I’ll explain the solution for 2. then 1. as the latter is a bit more involved.

Data Authenticity

First, we’ll need to introduce a hash function H(x) -> y. This is an operation that takes an input x and produces an output y that’s resistant to “pre-images” (finding x from only y is very hard) and “second pre-images” (finding some z that also hashes to y is very hard).

Then, we hash the encrypted message along with the secret RNG key H(Enc ++ key), sending both Enc and the result together. The hash result acts as a way the decryption side can use to double-check the message is right before accepting.

If we only hashed the encrypted message, the middle-man could also just hash their own malicious encrypted message. However, this hash includes the RNG key that’s kept secret from the middle-man. Meaning they can’t realistically compute a hash for their MaliciousEnc that satifies H(MaliciousEnc ++ key) to pass decryption.

Such as scheme is called Authenticated Encryption (optionally hashing some Additional Data). Or AEAD for short.

Key Authenticity

Alright, but how do we protect the shared secret key from being compromised?

Honestly? Not much you can do besides agree to something before-hand. A bit dissapointing that there’s no clever solution here, but think about it; You can’t know you’re talking to someone if you don’t already know who they are..

So then the straight-forward approach is Pre-Shared-Keys (PSK) that both sides would either put directly into the AEAD (skipping Key Exchange), or use to randomize the Diffie-Hellman shared secret result. Problem here is that, again, it requires a PSK per website which is impractical.

Certificates

Fortunately we can solve this one using two new primitives: Sign(K, M) -> S takes a private key and a message, producing a signature. This can then be fed into Verify(P, M, S) -> bool taking the public key and same message, returning if the signature really came from whatever private key was used to create the public key. How this works can be gnarly, but just know that it builds upon similar concepts as the op in Diffie-Hellman.

Now, we introduce a trusted third-party (Root) who keeps track of who’s who & has their own public/private key pair. Both sides have Root’s public key pre-shared. I, as a client, only trust stuff Sign‘d by Root. So the server gets their public key + website name signed by Root and passes that signature along when doing Key Exchange.

A middle-man changing the signature would fail my Verify. To properly intervene, they would have to get Root to sign their malicious public key + the same website name.
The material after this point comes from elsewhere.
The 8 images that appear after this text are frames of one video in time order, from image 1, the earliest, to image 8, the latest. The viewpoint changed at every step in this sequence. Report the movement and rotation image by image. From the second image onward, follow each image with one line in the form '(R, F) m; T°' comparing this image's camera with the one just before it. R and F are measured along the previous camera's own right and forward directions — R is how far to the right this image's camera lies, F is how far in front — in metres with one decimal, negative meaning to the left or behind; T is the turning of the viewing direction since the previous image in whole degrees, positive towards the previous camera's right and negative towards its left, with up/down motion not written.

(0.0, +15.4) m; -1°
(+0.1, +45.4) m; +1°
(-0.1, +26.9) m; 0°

But Root already has the website registered to someone else and obviously won’t let them. As long as I trust Root’s signature, I can know whatever website im talking to is really them.
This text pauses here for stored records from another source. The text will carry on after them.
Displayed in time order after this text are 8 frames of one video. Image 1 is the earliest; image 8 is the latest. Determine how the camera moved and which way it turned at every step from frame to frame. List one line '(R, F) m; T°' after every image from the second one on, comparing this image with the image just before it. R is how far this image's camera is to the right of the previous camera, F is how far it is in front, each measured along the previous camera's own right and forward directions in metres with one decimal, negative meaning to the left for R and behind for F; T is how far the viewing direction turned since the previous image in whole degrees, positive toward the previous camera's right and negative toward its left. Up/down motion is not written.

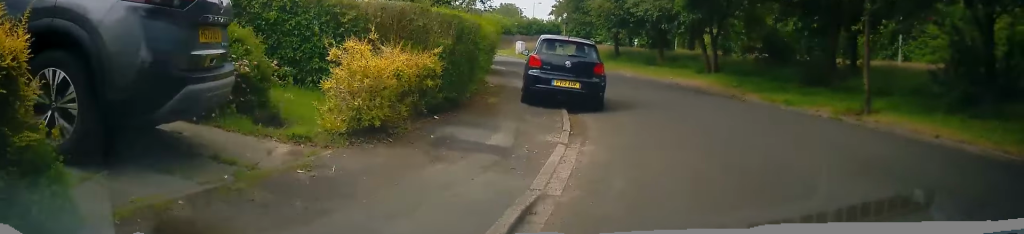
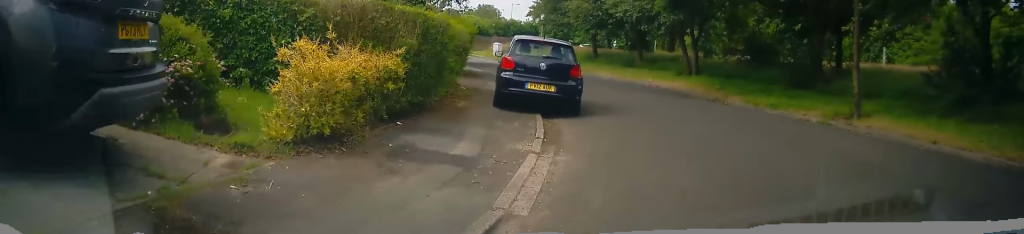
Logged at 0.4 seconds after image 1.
(0.0, +0.7) m; +4°
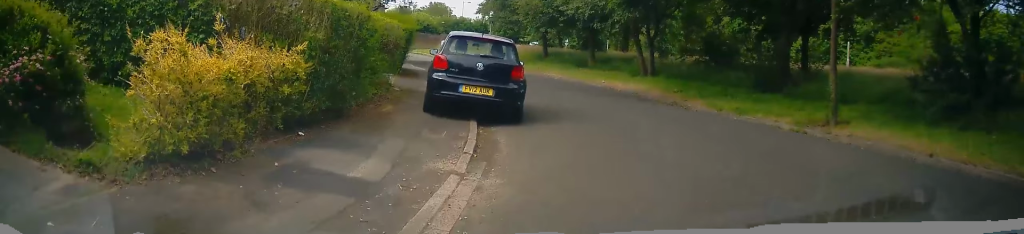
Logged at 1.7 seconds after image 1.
(+0.1, +1.5) m; 0°
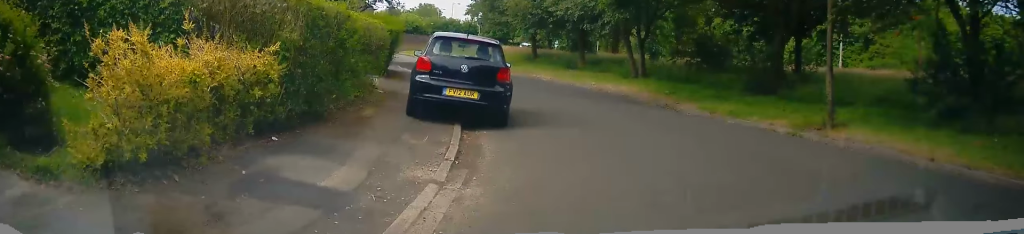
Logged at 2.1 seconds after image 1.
(-0.2, +0.4) m; 0°
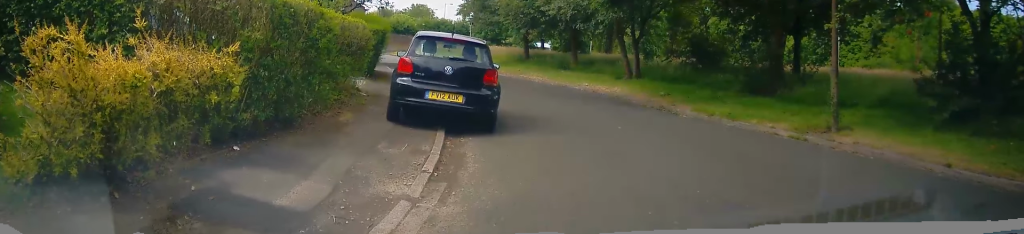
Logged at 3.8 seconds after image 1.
(-0.1, +1.0) m; 0°
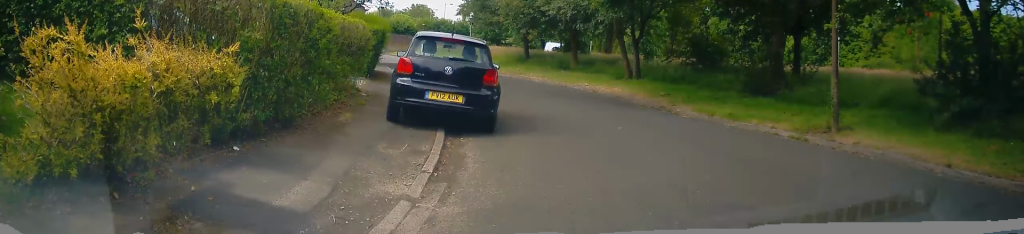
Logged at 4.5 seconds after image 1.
(+0.1, +0.2) m; 0°
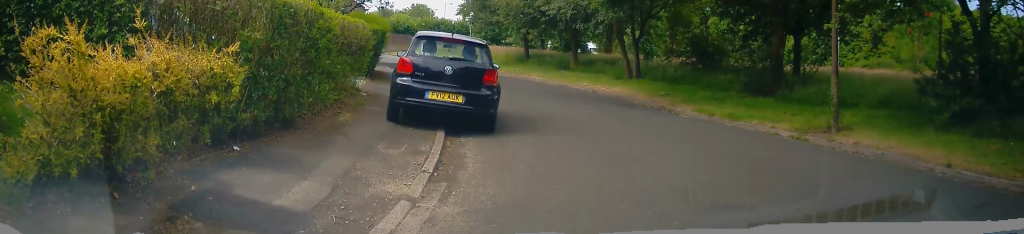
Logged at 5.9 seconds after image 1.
(0.0, 0.0) m; 0°
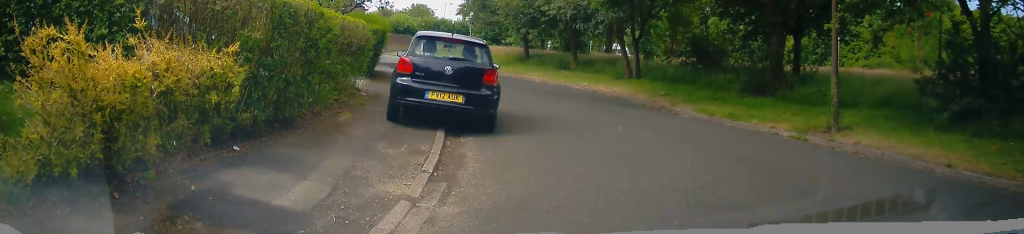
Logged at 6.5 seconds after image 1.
(0.0, 0.0) m; 0°
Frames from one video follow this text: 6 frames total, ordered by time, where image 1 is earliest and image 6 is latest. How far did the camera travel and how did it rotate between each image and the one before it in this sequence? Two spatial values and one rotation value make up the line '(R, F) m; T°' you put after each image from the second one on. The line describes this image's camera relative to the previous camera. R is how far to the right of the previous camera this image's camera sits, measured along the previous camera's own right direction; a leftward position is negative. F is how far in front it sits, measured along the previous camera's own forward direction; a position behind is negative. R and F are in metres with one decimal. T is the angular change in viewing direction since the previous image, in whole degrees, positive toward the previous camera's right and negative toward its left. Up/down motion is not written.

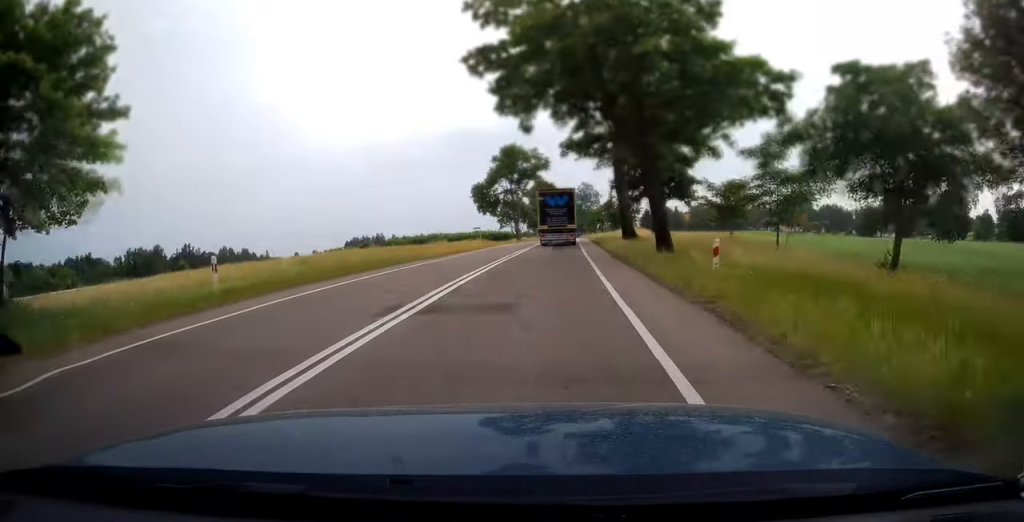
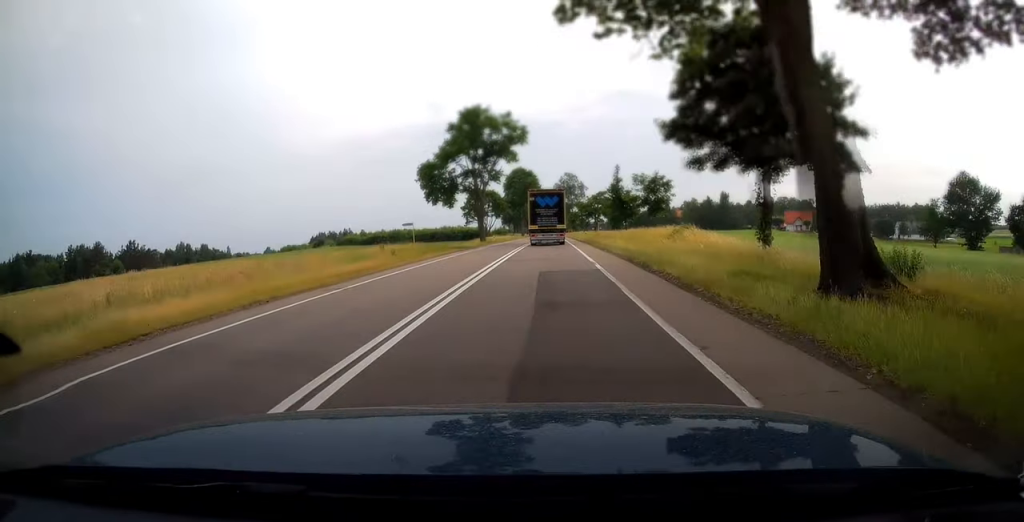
(+0.4, +31.6) m; +1°
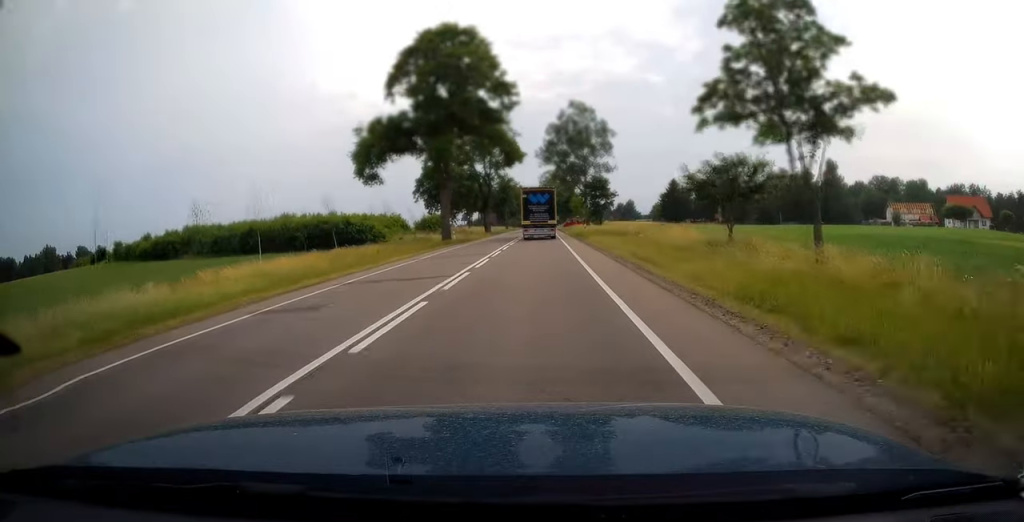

These “public key + website name” signatures can be called Certificates and they form a centralized trust system known as Public Key Infrastructure (PKI). You can also create a “chain of trust” by saying “I trust anything signed by Root2 since they were signed by Root”.

Certificates may also include things like “how long the public key is valid for” in the signature to minimize the off-chance of someone managing to brute-force guess the private key. It can be why web admins say things like “my cert expired; need to renew it”.
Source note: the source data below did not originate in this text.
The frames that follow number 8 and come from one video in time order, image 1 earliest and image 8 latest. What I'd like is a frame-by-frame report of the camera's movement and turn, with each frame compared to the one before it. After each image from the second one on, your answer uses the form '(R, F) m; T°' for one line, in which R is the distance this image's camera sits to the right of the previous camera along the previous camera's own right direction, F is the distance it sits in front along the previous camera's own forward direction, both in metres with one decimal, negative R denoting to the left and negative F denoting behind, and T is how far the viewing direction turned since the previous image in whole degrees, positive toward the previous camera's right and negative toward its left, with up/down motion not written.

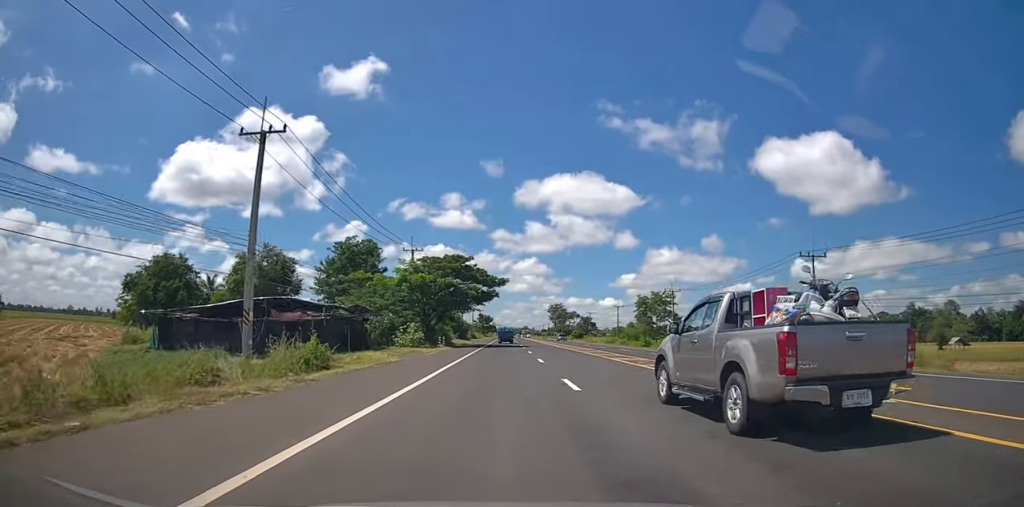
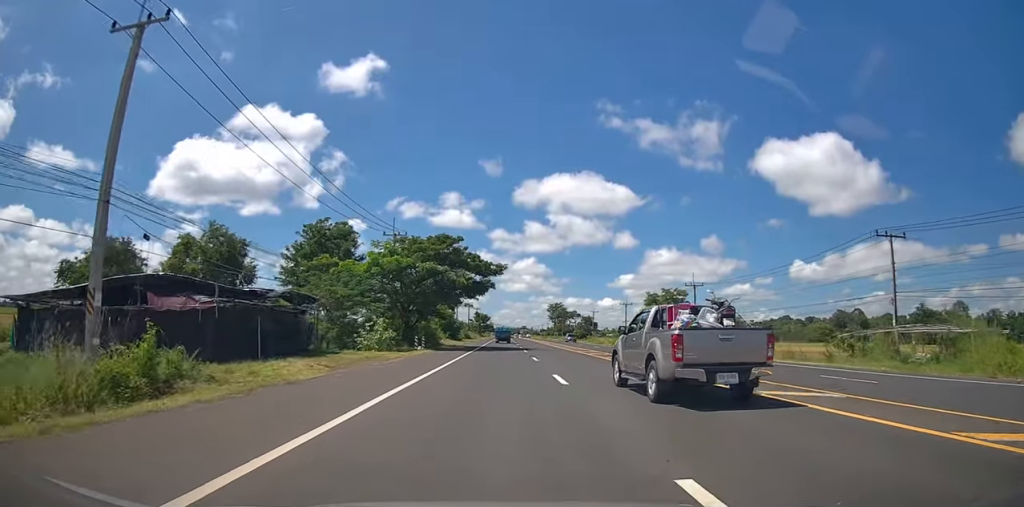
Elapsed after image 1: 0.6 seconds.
(+0.2, +10.5) m; 0°
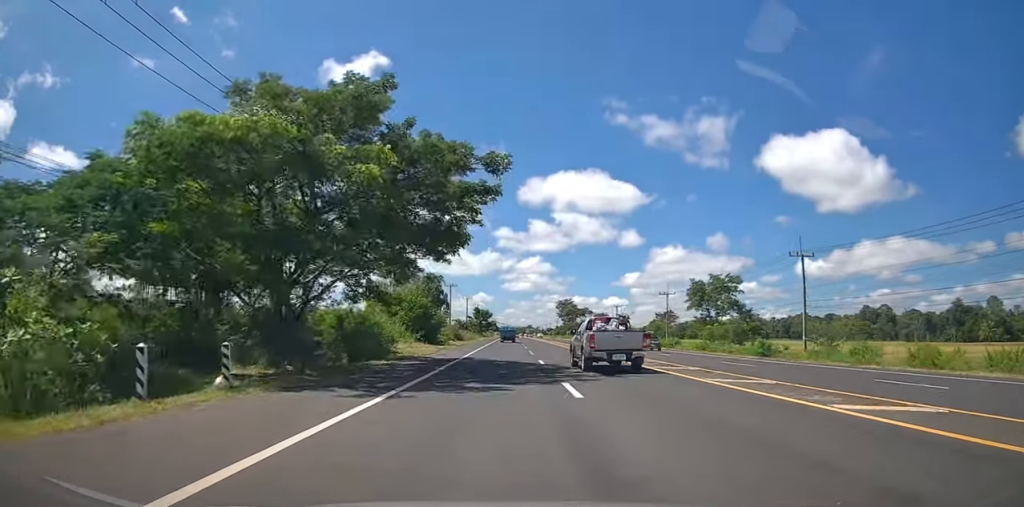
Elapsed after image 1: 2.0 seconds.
(-0.3, +26.9) m; -1°
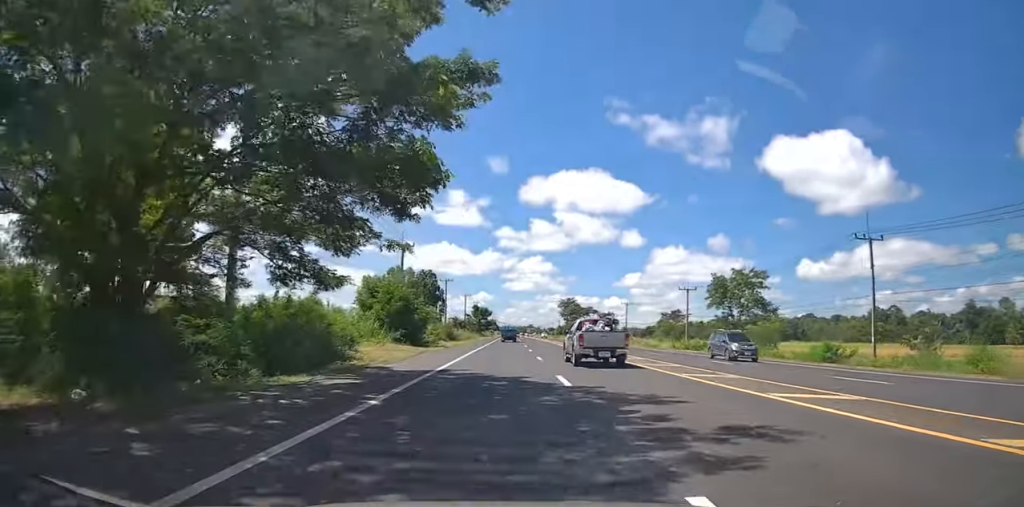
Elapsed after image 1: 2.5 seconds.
(0.0, +9.6) m; 0°
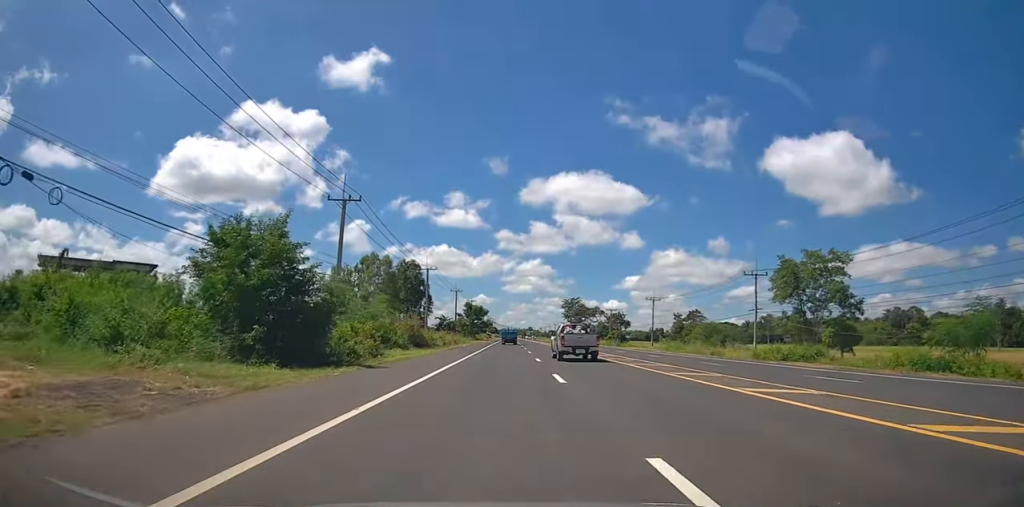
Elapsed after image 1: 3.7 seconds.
(0.0, +22.6) m; +1°
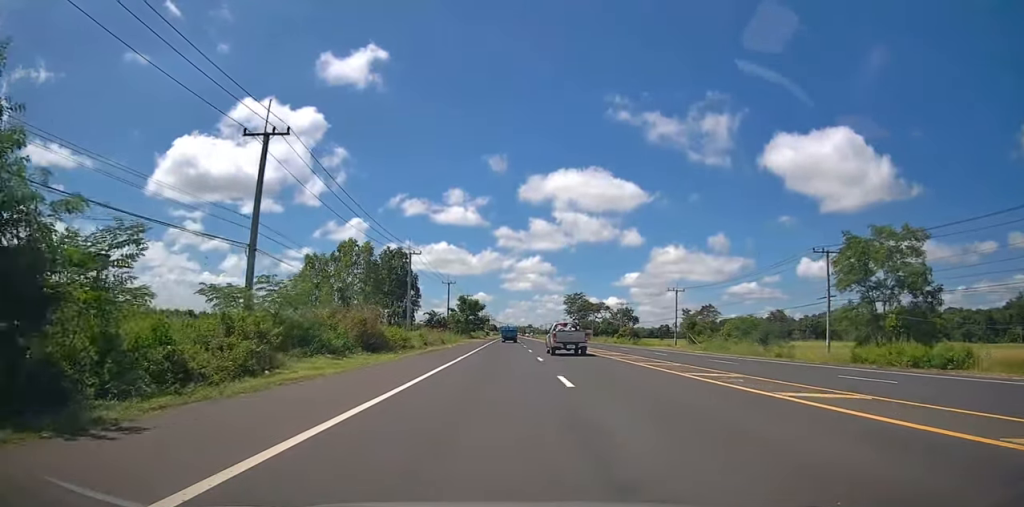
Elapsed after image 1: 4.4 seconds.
(+0.1, +13.8) m; +1°
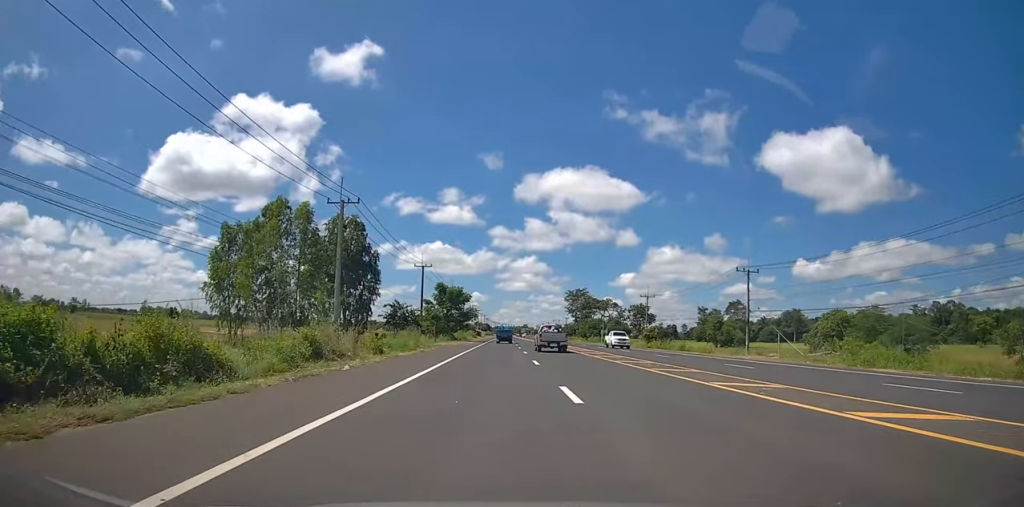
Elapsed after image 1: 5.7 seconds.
(+0.2, +26.7) m; 0°
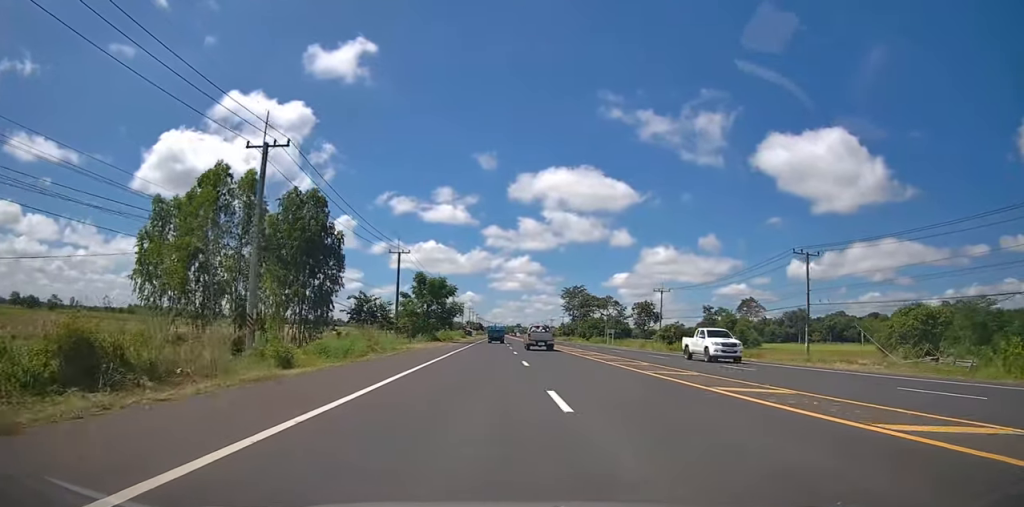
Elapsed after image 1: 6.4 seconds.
(0.0, +13.3) m; 0°

So that’s what it takes, at a high level, to talk privately on the internet. It’s a pretty hostile environment and TLS addresses this while also handling a bunch of edge cases I didn’t cover like forward secrecy and various data/timing attacks.

If you’re curious how it all works, I’d honestly recommend to start out by skimming tools like Monocypher and TweetNaCl. They provide the implementations for the low level bits such as Key Exchange, AEAD, and Signing. After that, check out Julia Evans’ Toy version of TLS 1.3 or xargs’ The Illustrated TLS 1.3 Connection for how the protocol stiches it all together. There doesn’t seem to be many learning resources for TLS (mostly specs and pros/cons marketing comparing it to TLS 1.2). Let me know if there’s any others.